*Excerpts from a dataset*
-- Opening Marker --

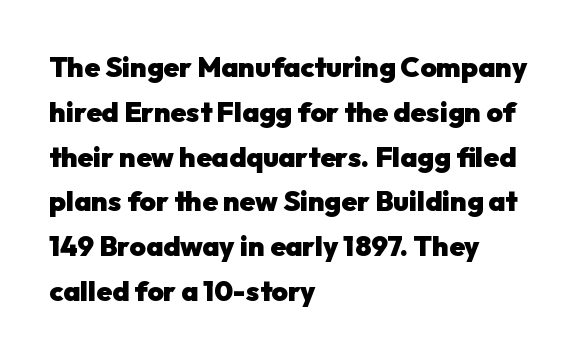
Q: Is the text bold? A: Yes.
Q: Is the text italic (slanted)? A: No, it is upright.
Q: Is the typeface a serif or a sans-serif typeface? A: Sans-serif.
Q: Is the text underlined? A: No.
Q: How is the paragraph aligned? A: Left-aligned.
Q: Is the spacing between letters normal or unusually wide? A: Normal.
Q: Is the spacing between lines tight, normal or loose? A: Normal.
Q: Width (condensed, normal, or wide)? A: Normal.
Q: Stroke contrast? A: Low.
Q: x-height? A: Medium.
Q: Monospaced? A: No.
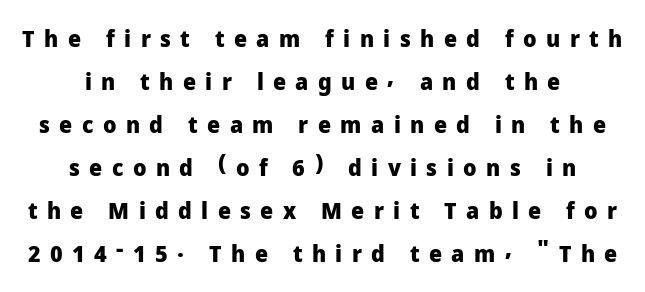
This is the regular roman posture of the typeface. Notice how thick the strokes are: this is what a full bold looks like. The strip under each line holds only bare page. The paragraph has two soft edges and a firm central axis.
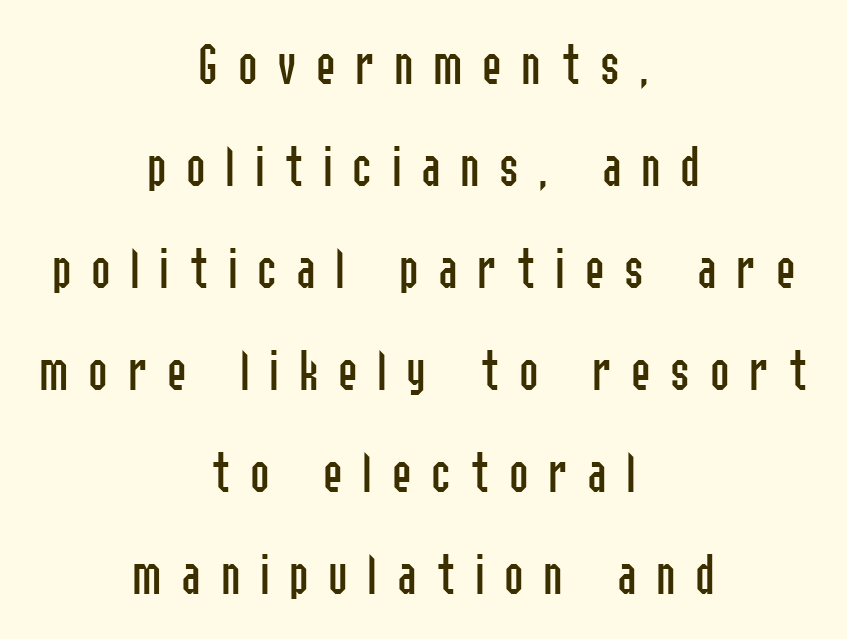
Only glyphs here, with clear space below each row. Each letter's strokes conclude bluntly, with no projecting serifs. The cut favours lightness, reaching ordinary text weight at its darkest. Which margin do the lines hug? Neither — every line sits in the middle.
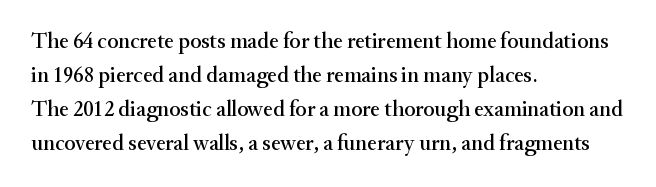
Inter-character spacing is left at the font's built-in metrics. A bare baseline throughout the passage. The typography opts for an upright posture over an oblique one. Casual observation: everything's shoved over to the left.
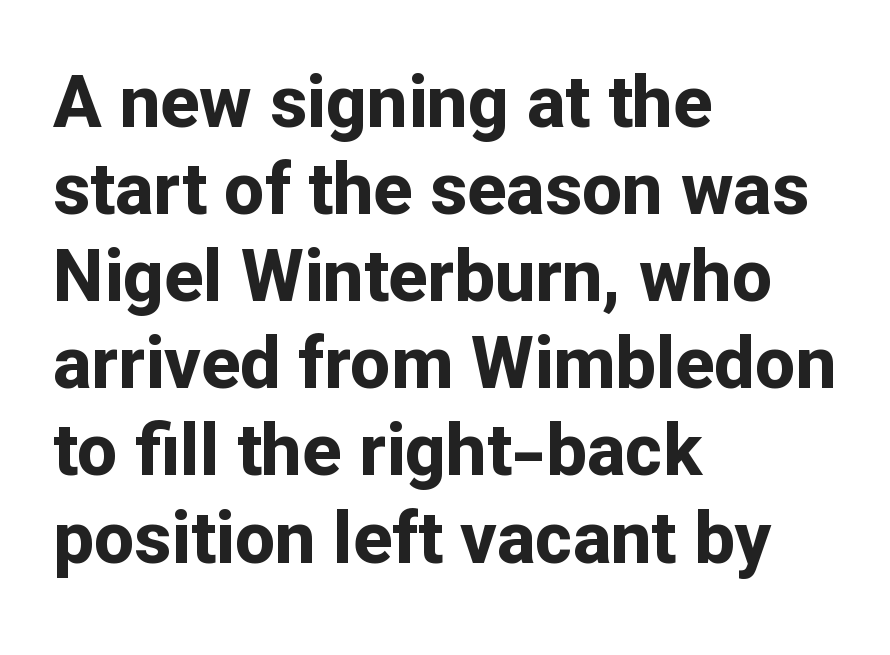
{"serif": "no", "italic": "no", "bold": "yes", "weight": "bold", "width": "normal", "stroke_contrast": "low", "x_height": "medium", "monospaced": "no", "underline": "no", "align": "left", "line_spacing_ratio": 1.21, "letter_spacing": "normal", "letter_spacing_em": 0.0, "glyph_px": 72}
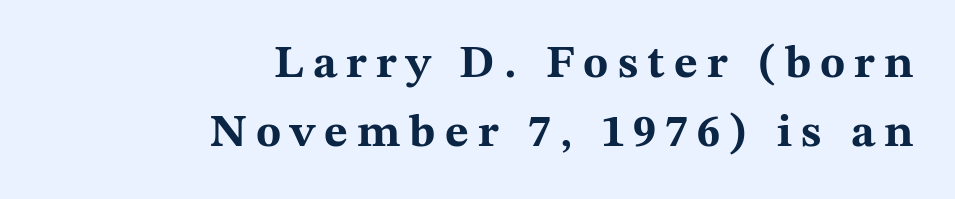
Pretty heavy lettering here — definitely bold. One-word summary of the alignment: right. Does the type have serifs? Yes, each stem ends in a small foot. The letters stand upright; this is a roman face. Has an underline been added? It has not. Line spacing here is normal.
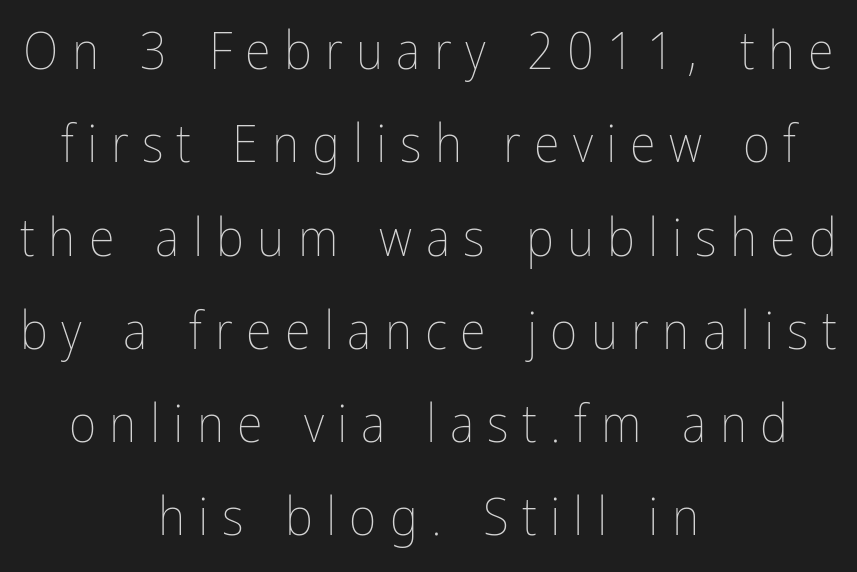
Posture: upright roman. Heaviness? Minimal to ordinary, like unemphasized prose. Loose tracking; the words dissolve into strings of separated letters. The compositor balanced each line on the midline.
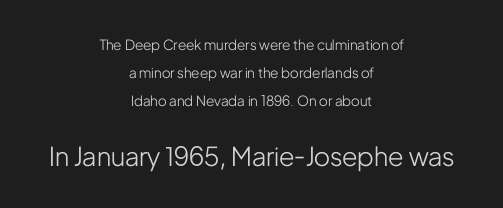
Q: Is the text bold? A: No.
Q: Is the text italic (slanted)? A: No, it is upright.
Q: Is the text underlined? A: No.
Q: How is the paragraph aligned? A: Centered.
Q: Is the spacing between letters normal or unusually wide? A: Normal.
Q: Is the spacing between lines tight, normal or loose? A: Loose.
Q: Which block of text is set in a larger size, the first (top) or the second (bottom)? A: The second (bottom) one.
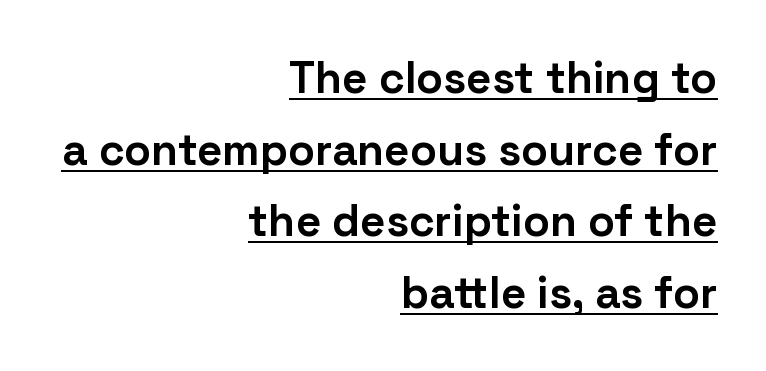
Q: Is the text bold? A: Yes.
Q: Is the text italic (slanted)? A: No, it is upright.
Q: Is the typeface a serif or a sans-serif typeface? A: Sans-serif.
Q: Is the text underlined? A: Yes.
Q: How is the paragraph aligned? A: Right-aligned.
Q: Is the spacing between letters normal or unusually wide? A: Normal.
Q: Is the spacing between lines tight, normal or loose? A: Normal.
Q: Width (condensed, normal, or wide)? A: Normal.
Q: Stroke contrast? A: Low.
Q: x-height? A: Medium.
Q: Monospaced? A: No.
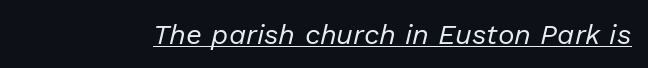
Q: Is the text bold? A: No.
Q: Is the text italic (slanted)? A: Yes, it leans right by about 13 degrees.
Q: Is the text underlined? A: Yes.
Q: Is the spacing between letters normal or unusually wide? A: Normal.
Q: Width (condensed, normal, or wide)? A: Normal.
Q: Stroke contrast? A: Low.
Q: x-height? A: Medium.
Q: Monospaced? A: No.
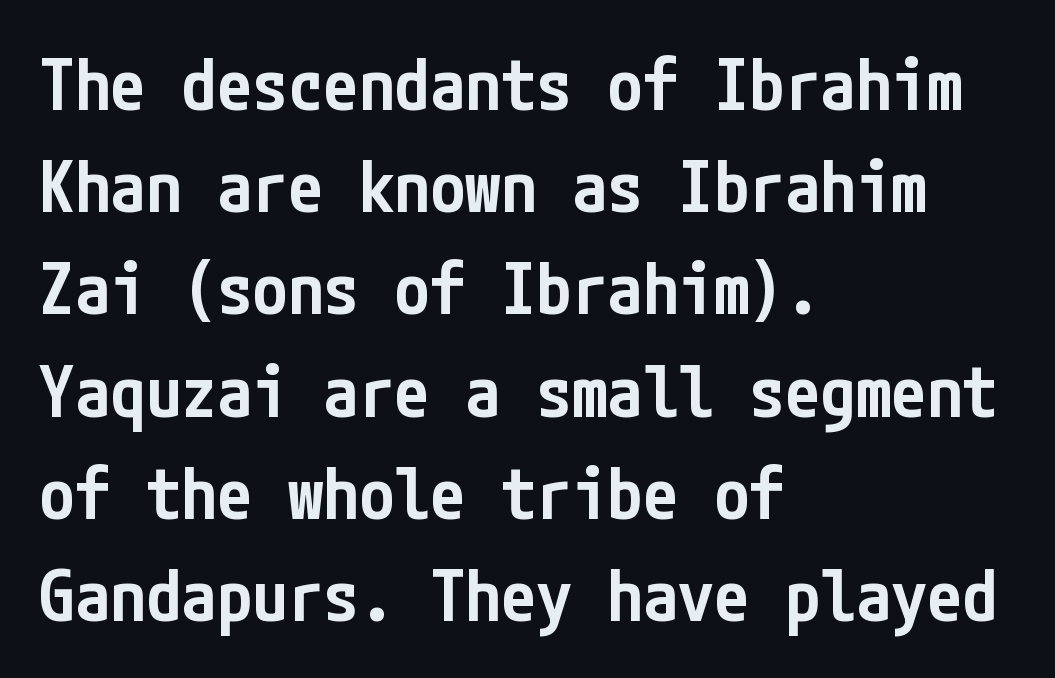
Q: Is the text bold? A: Semi-bold.
Q: Is the text italic (slanted)? A: No, it is upright.
Q: Is the typeface a serif or a sans-serif typeface? A: Sans-serif.
Q: Is the text underlined? A: No.
Q: How is the paragraph aligned? A: Left-aligned.
Q: Is the spacing between letters normal or unusually wide? A: Normal.
Q: Is the spacing between lines tight, normal or loose? A: Normal.
Q: Width (condensed, normal, or wide)? A: Condensed.
Q: Stroke contrast? A: Low.
Q: x-height? A: Medium.

-- Closing Marker --

*YOUR TASK*
Exactly retype each record above, dropping images.

*RESULT FOR THIS TASK*
Q: Is the text bold? A: Yes.
Q: Is the text italic (slanted)? A: No, it is upright.
Q: Is the typeface a serif or a sans-serif typeface? A: Sans-serif.
Q: Is the text underlined? A: No.
Q: How is the paragraph aligned? A: Left-aligned.
Q: Is the spacing between letters normal or unusually wide? A: Normal.
Q: Is the spacing between lines tight, normal or loose? A: Normal.
Q: Width (condensed, normal, or wide)? A: Normal.
Q: Stroke contrast? A: Low.
Q: x-height? A: Medium.
Q: Monospaced? A: No.
This is the regular roman posture of the typeface. Notice how thick the strokes are: this is what a full bold looks like. The strip under each line holds only bare page. The paragraph has two soft edges and a firm central axis.
Only glyphs here, with clear space below each row. Each letter's strokes conclude bluntly, with no projecting serifs. The cut favours lightness, reaching ordinary text weight at its darkest. Which margin do the lines hug? Neither — every line sits in the middle.
Inter-character spacing is left at the font's built-in metrics. A bare baseline throughout the passage. The typography opts for an upright posture over an oblique one. Casual observation: everything's shoved over to the left.
{"serif": "no", "italic": "no", "bold": "yes", "weight": "bold", "width": "normal", "stroke_contrast": "low", "x_height": "medium", "monospaced": "no", "underline": "no", "align": "left", "line_spacing_ratio": 1.21, "letter_spacing": "normal", "letter_spacing_em": 0.0, "glyph_px": 72}
Pretty heavy lettering here — definitely bold. One-word summary of the alignment: right. Does the type have serifs? Yes, each stem ends in a small foot. The letters stand upright; this is a roman face. Has an underline been added? It has not. Line spacing here is normal.
Posture: upright roman. Heaviness? Minimal to ordinary, like unemphasized prose. Loose tracking; the words dissolve into strings of separated letters. The compositor balanced each line on the midline.
Q: Is the text bold? A: No.
Q: Is the text italic (slanted)? A: No, it is upright.
Q: Is the text underlined? A: No.
Q: How is the paragraph aligned? A: Centered.
Q: Is the spacing between letters normal or unusually wide? A: Normal.
Q: Is the spacing between lines tight, normal or loose? A: Loose.
Q: Which block of text is set in a larger size, the first (top) or the second (bottom)? A: The second (bottom) one.
Q: Is the text bold? A: Yes.
Q: Is the text italic (slanted)? A: No, it is upright.
Q: Is the typeface a serif or a sans-serif typeface? A: Sans-serif.
Q: Is the text underlined? A: Yes.
Q: How is the paragraph aligned? A: Right-aligned.
Q: Is the spacing between letters normal or unusually wide? A: Normal.
Q: Is the spacing between lines tight, normal or loose? A: Normal.
Q: Width (condensed, normal, or wide)? A: Normal.
Q: Stroke contrast? A: Low.
Q: x-height? A: Medium.
Q: Monospaced? A: No.
Q: Is the text bold? A: No.
Q: Is the text italic (slanted)? A: Yes, it leans right by about 13 degrees.
Q: Is the text underlined? A: Yes.
Q: Is the spacing between letters normal or unusually wide? A: Normal.
Q: Width (condensed, normal, or wide)? A: Normal.
Q: Stroke contrast? A: Low.
Q: x-height? A: Medium.
Q: Monospaced? A: No.
Q: Is the text bold? A: Semi-bold.
Q: Is the text italic (slanted)? A: No, it is upright.
Q: Is the typeface a serif or a sans-serif typeface? A: Sans-serif.
Q: Is the text underlined? A: No.
Q: How is the paragraph aligned? A: Left-aligned.
Q: Is the spacing between letters normal or unusually wide? A: Normal.
Q: Is the spacing between lines tight, normal or loose? A: Normal.
Q: Width (condensed, normal, or wide)? A: Condensed.
Q: Stroke contrast? A: Low.
Q: x-height? A: Medium.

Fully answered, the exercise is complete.